There were a few more episodes that occurred before we arrived like when we could not find the street to turn on off the main drag.  The French have a lovely, quaint habit of essentially hiding the name of streets on sides of buildings.  Often, these words on hundreds of years old and so is the paint they use to “highlight” them.  It is lovely when you are walking about.  But when you are dead tired, with a snippet of moon and few street lights in a never-been-before place, it is downright discouraging.  But that’s another story.

So, here we are.  Think I’ll go to bed now.

Bon jour, it is Saturday.  We awoke at 10:30 a.m. feeling a bit more human.  This old house has wonderful french doors, imagine that)  and outside shutters made of very thick wood.  We opened the shutters and let the sun shine in!!  After watching a TV program in francais and playing with the computer we ventured out to find some food.  We arrived at the main drag, just a block off of where we are living and looked up and down the street.  Tourne au gouche (turned left) and walked until we decided we went the wrong direction.  A man was standing in the door to his abode having a smoke so we approached him.  Not a word of english was spoken by l’homme or il mer (man or his wife).  We were able to figure out that the stores were 2 kilometres away.  To make a long story short, his wife took us there by car.  Now, can you imagine such a thing in the U.S.?  Not sure it would have happened that way.  She was so nice.  She dropped us off near the restaurant we were trying to find.  Voila.  The restaurant was ferme (closed!!).  So, we walked down the street and found a boulangerie, bought two quiche Lorraines and a bagette.  Found the wine store, bought some local wine, walked home and had our first meal in Le Ferte St.
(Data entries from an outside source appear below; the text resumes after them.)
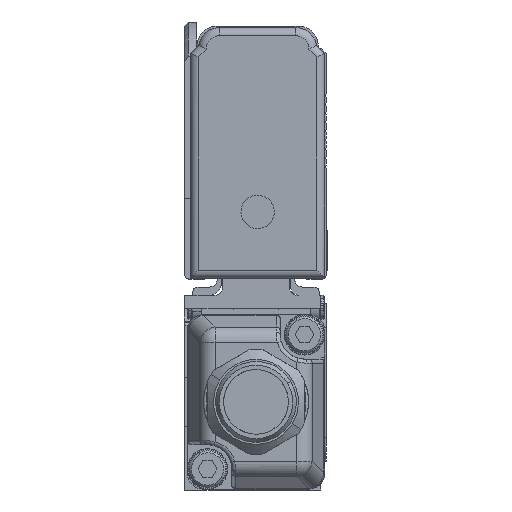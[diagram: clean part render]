
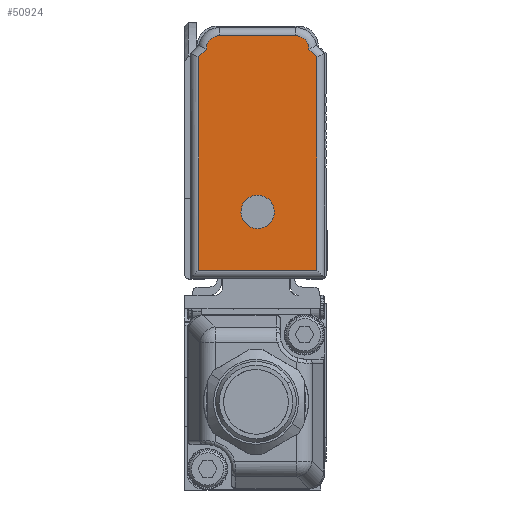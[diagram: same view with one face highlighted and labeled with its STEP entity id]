
A CAD part, front view. The second image highlights one B-rep face of the part: STEP entity #50924.
In plain terms, the highlighted planar face has unit normal (0, -1, 0).
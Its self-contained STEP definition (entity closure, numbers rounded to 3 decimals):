
#50779=AXIS2_PLACEMENT_3D('Circle Axis2P3D',#50777,#50778,$) ;
#50820=AXIS2_PLACEMENT_3D('Circle Axis2P3D',#50818,#50819,$) ;
#50894=AXIS2_PLACEMENT_3D('Plane Axis2P3D',#50891,#50892,#50893) ;
#50908=AXIS2_PLACEMENT_3D('Circle Axis2P3D',#50906,#50907,$) ;
#50917=AXIS2_PLACEMENT_3D('Circle Axis2P3D',#50915,#50916,$) ;
#50383=CARTESIAN_POINT('Vertex',(7.3,0.,18.886)) ;
#50393=CARTESIAN_POINT('Vertex',(6.33,0.,19.855)) ;
#50396=CARTESIAN_POINT('Line Origine',(6.963,0.,19.222)) ;
#50426=CARTESIAN_POINT('Vertex',(7.3,0.,-7.5)) ;
#50429=CARTESIAN_POINT('Line Origine',(7.3,0.,5.39)) ;
#50459=CARTESIAN_POINT('Vertex',(-7.3,0.,-7.5)) ;
#50462=CARTESIAN_POINT('Line Origine',(0.,0.,-7.5)) ;
#50486=CARTESIAN_POINT('Vertex',(-7.3,0.,18.886)) ;
#50489=CARTESIAN_POINT('Line Origine',(-7.3,0.,5.39)) ;
#50774=CARTESIAN_POINT('Vertex',(4.731,0.,21.5)) ;
#50777=CARTESIAN_POINT('Axis2P3D Location',(4.731,0.,19.9)) ;
#50798=CARTESIAN_POINT('Vertex',(-4.731,0.,21.5)) ;
#50801=CARTESIAN_POINT('Line Origine',(0.,0.,21.5)) ;
#50818=CARTESIAN_POINT('Axis2P3D Location',(-4.731,0.,19.9)) ;
#50822=CARTESIAN_POINT('Vertex',(-6.33,0.,19.855)) ;
#50845=CARTESIAN_POINT('Line Origine',(-6.963,0.,19.222)) ;
#50891=CARTESIAN_POINT('Axis2P3D Location',(0.,0.,0.)) ;
#50906=CARTESIAN_POINT('Axis2P3D Location',(0.,0.,-0.3)) ;
#50910=CARTESIAN_POINT('Vertex',(-1.814,0.,0.691)) ;
#50912=CARTESIAN_POINT('Vertex',(1.814,0.,-1.291)) ;
#50915=CARTESIAN_POINT('Axis2P3D Location',(0.,0.,-0.3)) ;
#50397=DIRECTION('Vector Direction',(-0.707,0.,0.707)) ;
#50430=DIRECTION('Vector Direction',(0.,0.,1.)) ;
#50463=DIRECTION('Vector Direction',(1.,0.,0.)) ;
#50490=DIRECTION('Vector Direction',(0.,0.,-1.)) ;
#50778=DIRECTION('Axis2P3D Direction',(0.,1.,-0.)) ;
#50802=DIRECTION('Vector Direction',(-1.,0.,0.)) ;
#50819=DIRECTION('Axis2P3D Direction',(-0.,1.,0.)) ;
#50846=DIRECTION('Vector Direction',(0.707,0.,0.707)) ;
#50892=DIRECTION('Axis2P3D Direction',(0.,1.,0.)) ;
#50893=DIRECTION('Axis2P3D XDirection',(0.,0.,1.)) ;
#50907=DIRECTION('Axis2P3D Direction',(0.,1.,0.)) ;
#50916=DIRECTION('Axis2P3D Direction',(0.,1.,0.)) ;
#50398=VECTOR('Line Direction',#50397,1.) ;
#50431=VECTOR('Line Direction',#50430,1.) ;
#50464=VECTOR('Line Direction',#50463,1.) ;
#50491=VECTOR('Line Direction',#50490,1.) ;
#50803=VECTOR('Line Direction',#50802,1.) ;
#50847=VECTOR('Line Direction',#50846,1.) ;
#50897=ORIENTED_EDGE('',*,*,#50400,.F.) ;
#50898=ORIENTED_EDGE('',*,*,#50781,.F.) ;
#50899=ORIENTED_EDGE('',*,*,#50805,.F.) ;
#50900=ORIENTED_EDGE('',*,*,#50824,.F.) ;
#50901=ORIENTED_EDGE('',*,*,#50849,.F.) ;
#50902=ORIENTED_EDGE('',*,*,#50493,.F.) ;
#50903=ORIENTED_EDGE('',*,*,#50466,.F.) ;
#50904=ORIENTED_EDGE('',*,*,#50433,.F.) ;
#50921=ORIENTED_EDGE('',*,*,#50914,.T.) ;
#50922=ORIENTED_EDGE('',*,*,#50919,.T.) ;
#50923=FACE_BOUND('',#50920,.T.) ;
#50924=ADVANCED_FACE('\X2\FF8EFF9EFF83FF9EFF68FF70\X0\.2',(#50905,#50923),#50895,.F.) ;
#50780=CIRCLE('generated circle',#50779,1.6) ;
#50821=CIRCLE('generated circle',#50820,1.6) ;
#50909=CIRCLE('generated circle',#50908,2.067) ;
#50918=CIRCLE('generated circle',#50917,2.067) ;
#50400=EDGE_CURVE('',#50394,#50384,#50399,.F.) ;
#50433=EDGE_CURVE('',#50384,#50427,#50432,.F.) ;
#50466=EDGE_CURVE('',#50427,#50460,#50465,.F.) ;
#50493=EDGE_CURVE('',#50460,#50487,#50492,.F.) ;
#50781=EDGE_CURVE('',#50775,#50394,#50780,.T.) ;
#50805=EDGE_CURVE('',#50799,#50775,#50804,.F.) ;
#50824=EDGE_CURVE('',#50823,#50799,#50821,.T.) ;
#50849=EDGE_CURVE('',#50487,#50823,#50848,.T.) ;
#50914=EDGE_CURVE('',#50911,#50913,#50909,.T.) ;
#50919=EDGE_CURVE('',#50913,#50911,#50918,.T.) ;
#50896=EDGE_LOOP('',(#50897,#50898,#50899,#50900,#50901,#50902,#50903,#50904)) ;
#50920=EDGE_LOOP('',(#50921,#50922)) ;
#50905=FACE_OUTER_BOUND('',#50896,.T.) ;
#50399=LINE('Line',#50396,#50398) ;
#50432=LINE('Line',#50429,#50431) ;
#50465=LINE('Line',#50462,#50464) ;
#50492=LINE('Line',#50489,#50491) ;
#50804=LINE('Line',#50801,#50803) ;
#50848=LINE('Line',#50845,#50847) ;
#50895=PLANE('Plane',#50894) ;
#50384=VERTEX_POINT('',#50383) ;
#50394=VERTEX_POINT('',#50393) ;
#50427=VERTEX_POINT('',#50426) ;
#50460=VERTEX_POINT('',#50459) ;
#50487=VERTEX_POINT('',#50486) ;
#50775=VERTEX_POINT('',#50774) ;
#50799=VERTEX_POINT('',#50798) ;
#50823=VERTEX_POINT('',#50822) ;
#50911=VERTEX_POINT('',#50910) ;
#50913=VERTEX_POINT('',#50912) ;
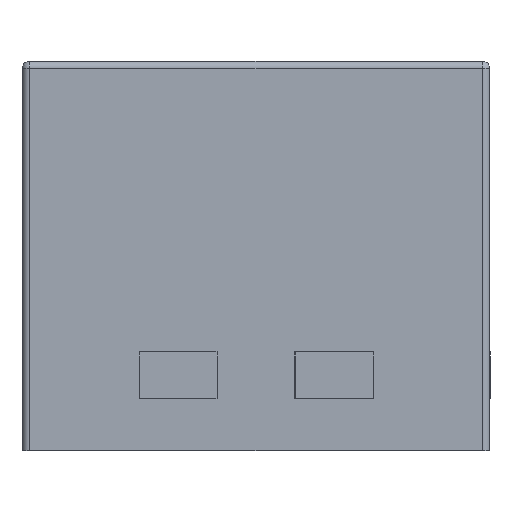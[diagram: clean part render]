
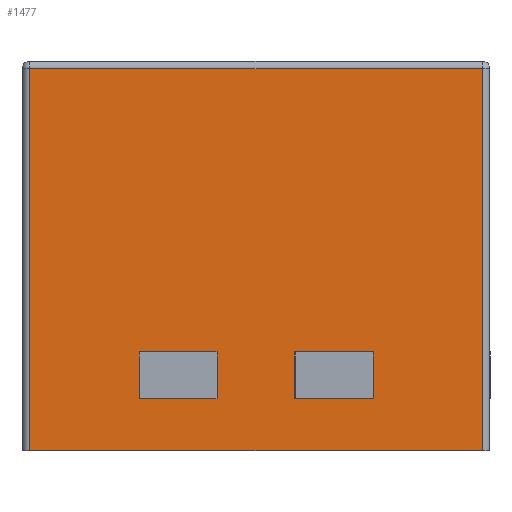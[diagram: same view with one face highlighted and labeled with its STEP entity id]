
A CAD part, left-side view. The second image highlights one B-rep face of the part: STEP entity #1477.
In plain terms, the highlighted planar face has unit normal (-1, 0, 0).
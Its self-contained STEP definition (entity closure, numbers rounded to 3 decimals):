
#31 = EDGE_CURVE ( 'NONE', #3212, #2889, #1166, .T. ) ;
#53 = CARTESIAN_POINT ( 'NONE',  ( -0.5, -0.15, 0.127 ) ) ;
#113 = VECTOR ( 'NONE', #4461, 1000. ) ;
#114 = ORIENTED_EDGE ( 'NONE', *, *, #723, .F. ) ;
#115 = EDGE_CURVE ( 'NONE', #2618, #409, #917, .T. ) ;
#197 = ORIENTED_EDGE ( 'NONE', *, *, #1001, .T. ) ;
#217 = DIRECTION ( 'NONE',  ( 0., -1., 0. ) ) ;
#359 = VECTOR ( 'NONE', #411, 1000. ) ;
#409 = VERTEX_POINT ( 'NONE', #3447 ) ;
#411 = DIRECTION ( 'NONE',  ( 0., -1., 0. ) ) ;
#418 = LINE ( 'NONE', #733, #113 ) ;
#422 = VECTOR ( 'NONE', #2962, 1000. ) ;
#497 = DIRECTION ( 'NONE',  ( 0., 1., 0. ) ) ;
#618 = CARTESIAN_POINT ( 'NONE',  ( -0.5, -0.3, 0.127 ) ) ;
#674 = VECTOR ( 'NONE', #4018, 1000. ) ;
#723 = EDGE_CURVE ( 'NONE', #897, #409, #3829, .T. ) ;
#728 = CARTESIAN_POINT ( 'NONE',  ( -0.5, -0.3, 0. ) ) ;
#733 = CARTESIAN_POINT ( 'NONE',  ( -0.5, 0.15, 0.067 ) ) ;
#741 = CARTESIAN_POINT ( 'NONE',  ( -0.5, -0.29, 0. ) ) ;
#753 = AXIS2_PLACEMENT_3D ( 'NONE', #728, #2215, #1564 ) ;
#797 = VERTEX_POINT ( 'NONE', #1507 ) ;
#799 = CARTESIAN_POINT ( 'NONE',  ( -0.5, -0.3, 0.127 ) ) ;
#893 = LINE ( 'NONE', #3916, #3605 ) ;
#897 = VERTEX_POINT ( 'NONE', #2080 ) ;
#917 = LINE ( 'NONE', #3494, #2052 ) ;
#934 = VERTEX_POINT ( 'NONE', #2384 ) ;
#944 = VECTOR ( 'NONE', #497, 1000. ) ;
#953 = CARTESIAN_POINT ( 'NONE',  ( -0.5, -0.3, 0.067 ) ) ;
#1001 = EDGE_CURVE ( 'NONE', #3521, #2889, #1033, .T. ) ;
#1024 = VECTOR ( 'NONE', #1113, 1000. ) ;
#1033 = LINE ( 'NONE', #1836, #2779 ) ;
#1065 = ORIENTED_EDGE ( 'NONE', *, *, #3583, .T. ) ;
#1083 = EDGE_CURVE ( 'NONE', #897, #2615, #418, .T. ) ;
#1100 = FACE_BOUND ( 'NONE', #2863, .T. ) ;
#1105 = ORIENTED_EDGE ( 'NONE', *, *, #3294, .T. ) ;
#1113 = DIRECTION ( 'NONE',  ( 0., 0., 1. ) ) ;
#1117 = VERTEX_POINT ( 'NONE', #4824 ) ;
#1166 = LINE ( 'NONE', #3359, #1982 ) ;
#1281 = DIRECTION ( 'NONE',  ( 0., 0., 1. ) ) ;
#1319 = CARTESIAN_POINT ( 'NONE',  ( -0.5, 0.29, 0.49 ) ) ;
#1432 = EDGE_CURVE ( 'NONE', #2615, #2618, #4528, .T. ) ;
#1477 = ADVANCED_FACE ( 'NONE', ( #4550, #1100, #4088 ), #4508, .F. ) ;
#1502 = ORIENTED_EDGE ( 'NONE', *, *, #1647, .F. ) ;
#1507 = CARTESIAN_POINT ( 'NONE',  ( -0.5, -0.29, 0.49 ) ) ;
#1564 = DIRECTION ( 'NONE',  ( 0., 0., -1. ) ) ;
#1630 = CARTESIAN_POINT ( 'NONE',  ( -0.5, 0.05, 0.127 ) ) ;
#1636 = DIRECTION ( 'NONE',  ( 0., 0., -1. ) ) ;
#1647 = EDGE_CURVE ( 'NONE', #934, #4148, #2497, .T. ) ;
#1732 = LINE ( 'NONE', #4008, #2242 ) ;
#1752 = ORIENTED_EDGE ( 'NONE', *, *, #1083, .T. ) ;
#1836 = CARTESIAN_POINT ( 'NONE',  ( -0.5, 0.29, 0. ) ) ;
#1982 = VECTOR ( 'NONE', #2663, 1000. ) ;
#2019 = EDGE_LOOP ( 'NONE', ( #1502, #4487, #1065, #2399 ) ) ;
#2052 = VECTOR ( 'NONE', #1636, 1000. ) ;
#2080 = CARTESIAN_POINT ( 'NONE',  ( -0.5, 0.15, 0.067 ) ) ;
#2105 = EDGE_LOOP ( 'NONE', ( #2904, #4546, #1105, #197 ) ) ;
#2215 = DIRECTION ( 'NONE',  ( 1., 0., 0. ) ) ;
#2242 = VECTOR ( 'NONE', #3230, 1000. ) ;
#2384 = CARTESIAN_POINT ( 'NONE',  ( -0.5, -0.05, 0.067 ) ) ;
#2398 = CARTESIAN_POINT ( 'NONE',  ( -0.5, 0.29, 0. ) ) ;
#2399 = ORIENTED_EDGE ( 'NONE', *, *, #2419, .T. ) ;
#2419 = EDGE_CURVE ( 'NONE', #4276, #4148, #1732, .T. ) ;
#2497 = LINE ( 'NONE', #953, #674 ) ;
#2527 = DIRECTION ( 'NONE',  ( 0., 0., -1. ) ) ;
#2583 = CARTESIAN_POINT ( 'NONE',  ( -0.5, -0.29, 0. ) ) ;
#2615 = VERTEX_POINT ( 'NONE', #2753 ) ;
#2618 = VERTEX_POINT ( 'NONE', #1630 ) ;
#2663 = DIRECTION ( 'NONE',  ( 0., 1., 0. ) ) ;
#2753 = CARTESIAN_POINT ( 'NONE',  ( -0.5, 0.15, 0.127 ) ) ;
#2757 = CARTESIAN_POINT ( 'NONE',  ( -0.5, -0.3, 0.49 ) ) ;
#2779 = VECTOR ( 'NONE', #2527, 1000. ) ;
#2863 = EDGE_LOOP ( 'NONE', ( #1752, #4805, #3593, #114 ) ) ;
#2889 = VERTEX_POINT ( 'NONE', #2398 ) ;
#2904 = ORIENTED_EDGE ( 'NONE', *, *, #31, .F. ) ;
#2962 = DIRECTION ( 'NONE',  ( 0., -1., 0. ) ) ;
#3058 = LINE ( 'NONE', #741, #1024 ) ;
#3212 = VERTEX_POINT ( 'NONE', #2583 ) ;
#3230 = DIRECTION ( 'NONE',  ( 0., 0., -1. ) ) ;
#3294 = EDGE_CURVE ( 'NONE', #797, #3521, #4602, .T. ) ;
#3359 = CARTESIAN_POINT ( 'NONE',  ( -0.5, -0.3, 0. ) ) ;
#3391 = CARTESIAN_POINT ( 'NONE',  ( -0.5, -0.3, 0.067 ) ) ;
#3447 = CARTESIAN_POINT ( 'NONE',  ( -0.5, 0.05, 0.067 ) ) ;
#3494 = CARTESIAN_POINT ( 'NONE',  ( -0.5, 0.05, 0.067 ) ) ;
#3521 = VERTEX_POINT ( 'NONE', #1319 ) ;
#3583 = EDGE_CURVE ( 'NONE', #1117, #4276, #3584, .T. ) ;
#3584 = LINE ( 'NONE', #618, #4619 ) ;
#3593 = ORIENTED_EDGE ( 'NONE', *, *, #115, .T. ) ;
#3605 = VECTOR ( 'NONE', #1281, 1000. ) ;
#3829 = LINE ( 'NONE', #3391, #422 ) ;
#3916 = CARTESIAN_POINT ( 'NONE',  ( -0.5, -0.05, 0.067 ) ) ;
#3997 = EDGE_CURVE ( 'NONE', #934, #1117, #893, .T. ) ;
#4008 = CARTESIAN_POINT ( 'NONE',  ( -0.5, -0.15, 0.067 ) ) ;
#4018 = DIRECTION ( 'NONE',  ( 0., -1., 0. ) ) ;
#4088 = FACE_BOUND ( 'NONE', #2019, .T. ) ;
#4148 = VERTEX_POINT ( 'NONE', #4714 ) ;
#4276 = VERTEX_POINT ( 'NONE', #53 ) ;
#4293 = EDGE_CURVE ( 'NONE', #3212, #797, #3058, .T. ) ;
#4461 = DIRECTION ( 'NONE',  ( 0., 0., 1. ) ) ;
#4487 = ORIENTED_EDGE ( 'NONE', *, *, #3997, .T. ) ;
#4508 = PLANE ( 'NONE',  #753 ) ;
#4528 = LINE ( 'NONE', #799, #359 ) ;
#4546 = ORIENTED_EDGE ( 'NONE', *, *, #4293, .T. ) ;
#4550 = FACE_OUTER_BOUND ( 'NONE', #2105, .T. ) ;
#4602 = LINE ( 'NONE', #2757, #944 ) ;
#4619 = VECTOR ( 'NONE', #217, 1000. ) ;
#4714 = CARTESIAN_POINT ( 'NONE',  ( -0.5, -0.15, 0.067 ) ) ;
#4805 = ORIENTED_EDGE ( 'NONE', *, *, #1432, .T. ) ;
#4824 = CARTESIAN_POINT ( 'NONE',  ( -0.5, -0.05, 0.127 ) ) ;
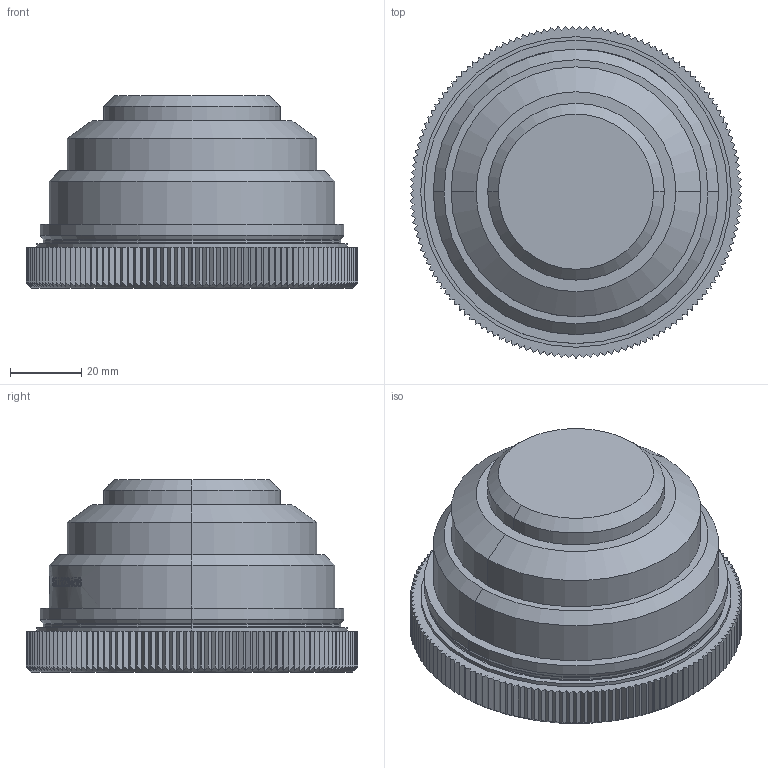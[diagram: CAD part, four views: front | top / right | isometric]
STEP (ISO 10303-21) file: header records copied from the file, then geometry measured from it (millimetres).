
FILE_DESCRIPTION (( 'STEP AP203' ), '1' );
FILE_NAME ('S4LFT3167_328_01.STEP', '2020-12-17T12:23:30', ( '' ), ( '' ), 'SwSTEP 2.0', 'SolidWorks 2017', '' );
FILE_SCHEMA (( 'CONFIG_CONTROL_DESIGN' ));
Length unit declared in the file: millimetre
Products named in the file (1): S4LFT3167_328_01
Bounding box: 92.99 x 92.99 x 54 mm (x, y, z)
Volume: 250514.1 mm3; surface area: 26126.7 mm2
Topology: 1 solids, 1 shells, 497 faces, 1636 edges, 1175 vertices
Faces by surface type: plane 297, cylinder 186, cone 10, torus 4
Entity records: 21975 total; most frequent: CARTESIAN_POINT 7902, ORIENTED_EDGE 3272, DIRECTION 2548, EDGE_CURVE 1636, VERTEX_POINT 1175, AXIS2_PLACEMENT_3D 879, VECTOR 790, LINE 790
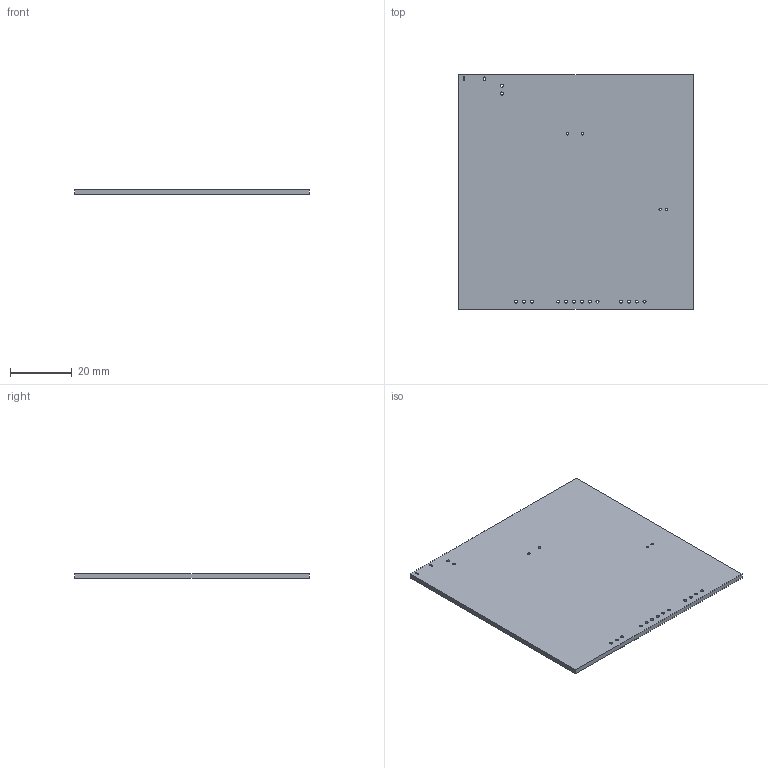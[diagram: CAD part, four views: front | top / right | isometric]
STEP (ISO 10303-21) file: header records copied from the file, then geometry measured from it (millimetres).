
FILE_DESCRIPTION(('KiCad electronic assembly'),'2;1');
FILE_NAME('control_board.step','2023-02-13T16:25:34',('Pcbnew'),('Kicad' ),'Open CASCADE STEP processor 7.6','KiCad to STEP converter', 'Unknown');
FILE_SCHEMA(('AUTOMOTIVE_DESIGN { 1 0 10303 214 1 1 1 1 }'));
Length unit declared in the file: millimetre
Products named in the file (2): control_board 1; control_board PCB
Assembly tree (1 placements, depth 2):
  control_board 1
    control_board PCB
Bounding box: 76.2 x 76.2 x 1.6 mm (x, y, z)
Volume: 9266.7 mm3; surface area: 12171.5 mm2
Topology: 1 solids, 1 shells, 37 faces, 105 edges, 70 vertices
Faces by surface type: cylinder 23, plane 14
Full cylindrical faces by diameter (mm): 0.75 x2, 0.8 x2, 1 x15
Entity records: 2717 total; most frequent: DIRECTION 435, CARTESIAN_POINT 428, LINE 219, VECTOR 219, ORIENTED_EDGE 210, PCURVE 210, DEFINITIONAL_REPRESENTATION 210, EDGE_CURVE 105

Albin sitting outside under a tree next to the maison (house)!!

And now it is Sunday.  We ventured out last night and ate at the local restaurant.  We were the only ones speaking english.  It was great fun.  We actually carried on a  conversation in francais with each other and with the wait staff.  Fabulous!!   Oh, and the food was very good.  I had canard (duck) and Ray had beouf (beef).  We split of bottle of red and life was good.  Came home and retired.  The sun, by the way, was still up at 9:30 p.m.  Most people arrived to eat well after 8:30.

Today is Sunday and almost everything is closed.  We could not see the golf tourney, British Open on the TV so we thought we would drive to a golf course, have lunch and perhaps watch the tourney.  Fat chance!!  The first course we drove to had three cars in the lot.  No TV.  They did not speak english but we were able to speak enough francais to get directions to another course!!  It was about 15 minutes nord (north).  The course was lovely and next to a hotel and restaurant.  Alas, no coverage of golf.  The TV only had Tour de France.  So we left, searched unsuccessfully for a restaurant that had sandwiches.  Everything was closed in Orleans, where we had ventured to.   So we drove back to La Ferte St. Albin, returned to la maison (the house) and made toast with jam for lunch.  Je suis desolee (I was so sad).  Diner (dinner) was a different matter.  We barbecued petit lamb chops and served it with home grown, fresh picked out of the jardin (garden) legumes (vegetables) with vin de rouge (red wine).  And we ate outside on the patio.  Fabulous.  A very quiet day that included a nap!!!  Tomorrow we head for Paris to shop, spend the night and pick Ryan up at 7:35 a.m. on Tuesday.

Tripping around California

Here is a picture we took at Morro Bay when we were out on the bay.  Check out the blimp!!  What a great coincidence!!!

We are getting ready to go to France so I’m practicing with my blog!!  In the days ahead I’m going to put a few items of interest for all of you to see.  Hope you enjoy it.